Blake to my mind also unequivocally stresses the traditional theological source of this creativity, also called God. In the final plate of There Is No Natural Religion he engraves: “Therefore God becomes as we are, that we be as he is.”
This phrase is very significant. It was common amongst the first Christian theologians, also called the Church Fathers, as an expression of the core meaning of Christmas and the incarnation. In Eastern Orthodox churches, the dynamic is known as theosis, realising a unity with God. Theosis is also found in western mystical Christianity, but it is generally not stressed or evident in the churches, which are heavily inclined to preaching a sinful abyss that divides God and humanity – almost the opposite.
But theosis is preserved in the mystical traditions, including mainstream figures whom Blake read such as Teresa of Avila. He would likely also have come across it via the Moravians, who were linked to the Eastern Orthodox church, not western ones. And also as research conducted by Susanne shows, he would have known of the Orthodox church directly during his life.
And theosis is the theological idea that pervades his work. He thought our divine humanity needs that transcendent horizon to flourish, not just as a heuristic but as a source and wellspring into which to grow. We are denuded as creatures without it and, moreover, turn to denuding the rest of the natural world around as a result – never satisfied with accumulating because what we humans seek is the All. In a word, God.
Blakean mysticism is all about this telos. He understood that the transcendent is closer to us than we are to ourselves. Our humanity therefore becomes the pathway to the divine, hence writing, “thy own humanity learn to adore” – which he writes, in fact, as the words of God.

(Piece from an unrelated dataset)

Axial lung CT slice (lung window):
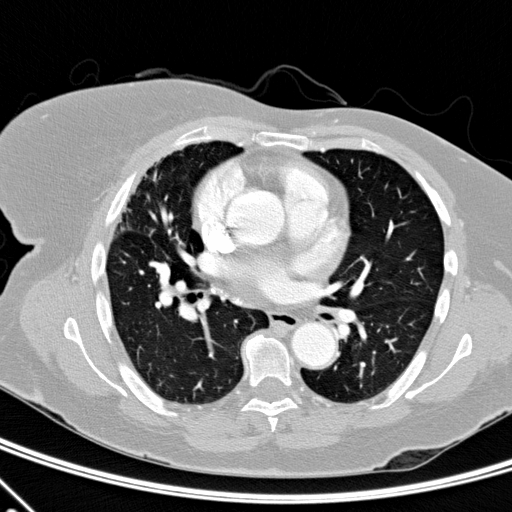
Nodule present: no

In The Everlasting Gospel, God is speaking them to Jesus before Jesus incarnates to communicate that God becomes as we are that we may be as he is. God says:
If thou humblest thyself, thou humblest me;
Thou also dwell’st in Eternity.
Thou art a Man, God [the distant, deistic Nobodaddy] is no more,
Thy own humanity learn to adore.
In other words, when a person is perceived correctly – or, for that matter, when a Grain of Sand, Cloud, Meteor & Star are – then the divine face is seen in that fullness.
Another way of putting it is that Blake did not see Christianity as a historical religion, in the sense that the most important events happened in the past, but rather as one way of understanding the depths of the present. As Blake also puts it:
There is a moment in each day that Satan cannot find. Nor can his watch-fiends find it. But the industrious find this moment and it multiply. And when it once is found it renovates every moment of the day, if rightly placed.
Again that stress on the immediate moment as the place that opens onto the All, onto Eternity, is utterly familiar to the mystical imagination. It sees that God is not afar off. That God is a brother and a friend.
In my view, humanity needs to remember again that “deities reside in the human breast”, again using Blake’s words, because the human breast is also the place where Eternity “glows like the Sun” as Blake writes. Or again, as he has Jesus the Saviour say: “I am in you and you in me, mutual in love divine.”.
I realise that this clearly realist view of God is controversial nowadays and the mystical can be taken as simply mystifying – which is partly why Northop Frye thought Blake should be called a visionary, which he is too of course. The point is that I think that Blake would have us engage in the Mental Fight that can recover the full vision. He believed that the fullness of our humanity depends upon it.